IF 1 4区 生物学 Q4 BIOCHEMICAL RESEARCH METHODS Pub Date : 2023-11-08 DOI: 10.1186/s13015-023-00240-4
David Schaller, Tom Hartmann, Manuel Lafond, Peter F Stadler, Nicolas Wieseke, Marc Hellmuth

Background: Evolutionary scenarios describing the evolution of a family of genes within a collection of species comprise the mapping of the vertices of a gene tree T to vertices and edges of a species tree S. The relative timing of the last common ancestors of two extant genes (leaves of T) and the last common ancestors of the two species (leaves of S) in which they reside is indicative of horizontal gene transfers (HGT) and ancient duplications. Orthologous gene pairs, on the other hand, require that their last common ancestors coincides with a corresponding speciation event. The relative timing information of gene and species divergences is captured by three colored graphs that have the extant genes as vertices and the species in which the genes are found as vertex colors: the equal-divergence-time (EDT) graph, the later-divergence-time (LDT) graph and the prior-divergence-time (PDT) graph, which together form an edge partition of the complete graph.

Results: Here we give a complete characterization in terms of informative and forbidden triples that can be read off the three graphs and provide a polynomial time algorithm for constructing an evolutionary scenario that explains the graphs, provided such a scenario exists. While both LDT and PDT graphs are cographs, this is not true for the EDT graph in general. We show that every EDT graph is perfect. While the information about LDT and PDT graphs is necessary to recognize EDT graphs in polynomial-time for general scenarios, this extra information can be dropped in the HGT-free case. However, recognition of EDT graphs without knowledge of putative LDT and PDT graphs is NP-complete for general scenarios. In contrast, PDT graphs can be recognized in polynomial-time. We finally connect the EDT graph to the alternative definitions of orthology that have been proposed for scenarios with horizontal gene transfer. With one exception, the corresponding graphs are shown to be colored cographs.
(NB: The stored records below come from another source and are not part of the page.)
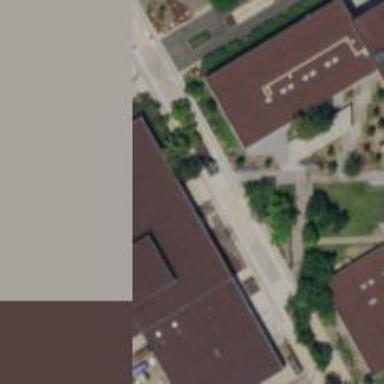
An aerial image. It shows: View of university building.
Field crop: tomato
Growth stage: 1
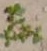
Species: portulaca
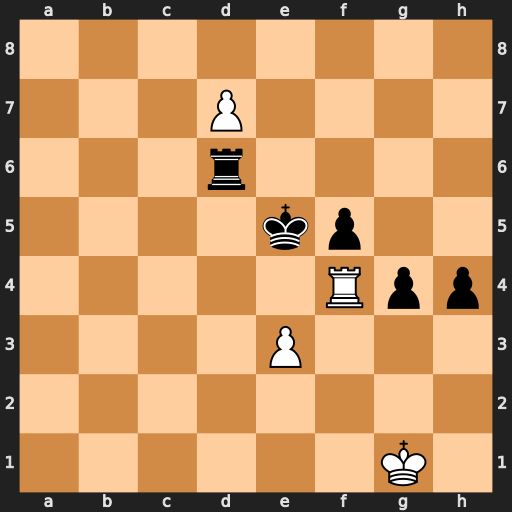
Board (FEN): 8/3P4/3r4/4kp2/5Rpp/4P3/8/6K1
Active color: w
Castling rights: -
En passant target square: -
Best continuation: Rd4 Rxd7 Rxd7
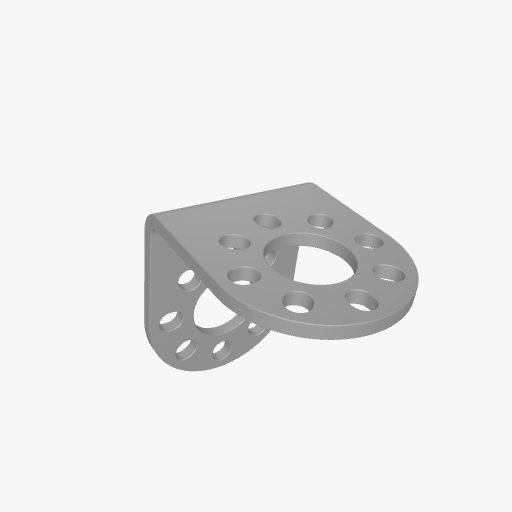
Part: LBracketRoundEnd
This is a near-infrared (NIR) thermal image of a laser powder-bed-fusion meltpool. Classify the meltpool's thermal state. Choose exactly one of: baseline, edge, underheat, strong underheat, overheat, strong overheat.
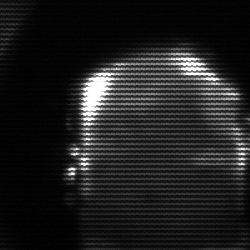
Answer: baseline
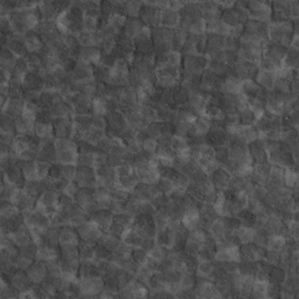
Label: non_frost
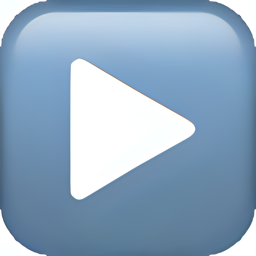
Name: black right pointing triangle
Emoji: ▶
Group: Symbols
Sub-group: av-symbol
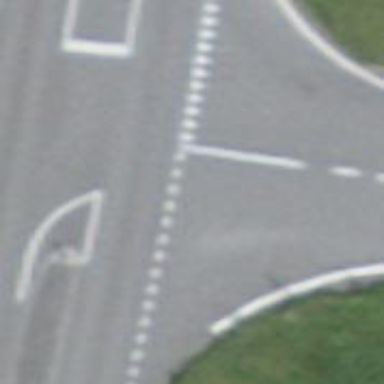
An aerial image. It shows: Road with "give way" sign.
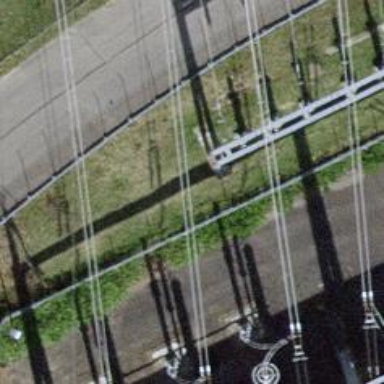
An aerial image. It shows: Insulator used in power equipment.
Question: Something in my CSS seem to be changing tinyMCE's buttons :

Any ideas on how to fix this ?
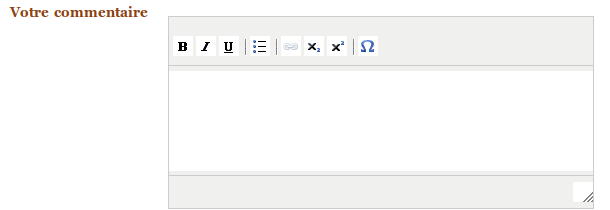
Answer: This is impossible to solve without seeing the full CSS.
The easiest way to find out what the problem is is to inspect the element, in Firefox or Chrome using Right-Click -> "Inspect element" (Firebug needs to be installed in Firefox for this).
The style inspector will tell you where the additional margin or padding comes from.
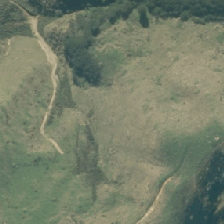
Land cover: manuka_kanuka
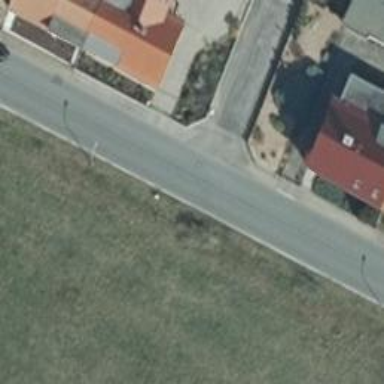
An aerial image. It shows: Asphalt road classified as tertiary.
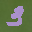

背景:描述物种集合中基因家族进化的进化场景包括基因树T的顶点到物种树S的顶点和边的映射。两个现存基因(T的叶子)的最后共同祖先和它们所在的两个物种(S的叶子)最后共同祖先的相对时间指示水平基因转移(HGT)和古代复制。另一方面,同源基因对要求它们最后的共同祖先与相应的物种形成事件重合。基因和物种分化的相对时间信息由三个彩色图捕获,这些图以现存基因为顶点,以发现基因的物种为顶点颜色:等分化时间(EDT)图、后分化时间(LDT)图和前分化时间(PDT)图,它们共同形成了完整图的边缘划分。结果:在这里,我们根据可以从三个图中读取的信息和禁止三元组给出了一个完整的刻画,并提供了一个多项式时间算法来构建解释图的进化场景,前提是存在这样的场景。虽然LDT和PDT图都是cograph,但对于EDT图来说,这通常不是真的。我们证明了每个EDT图都是完美的。虽然在一般情况下,关于LDT和PDT图的信息对于在多项式时间内识别EDT图是必要的,但在无HGT的情况下,可以删除这些额外信息。然而,在不知道假定的LDT和PDT图的情况下,对EDT图的识别对于一般情况是NP完全的。相比之下,PDT图可以在多项式时间内识别。最后,我们将EDT图与针对水平基因转移场景提出的矫正学的替代定义联系起来。除了一个例外,相应的图被显示为有色的cograph。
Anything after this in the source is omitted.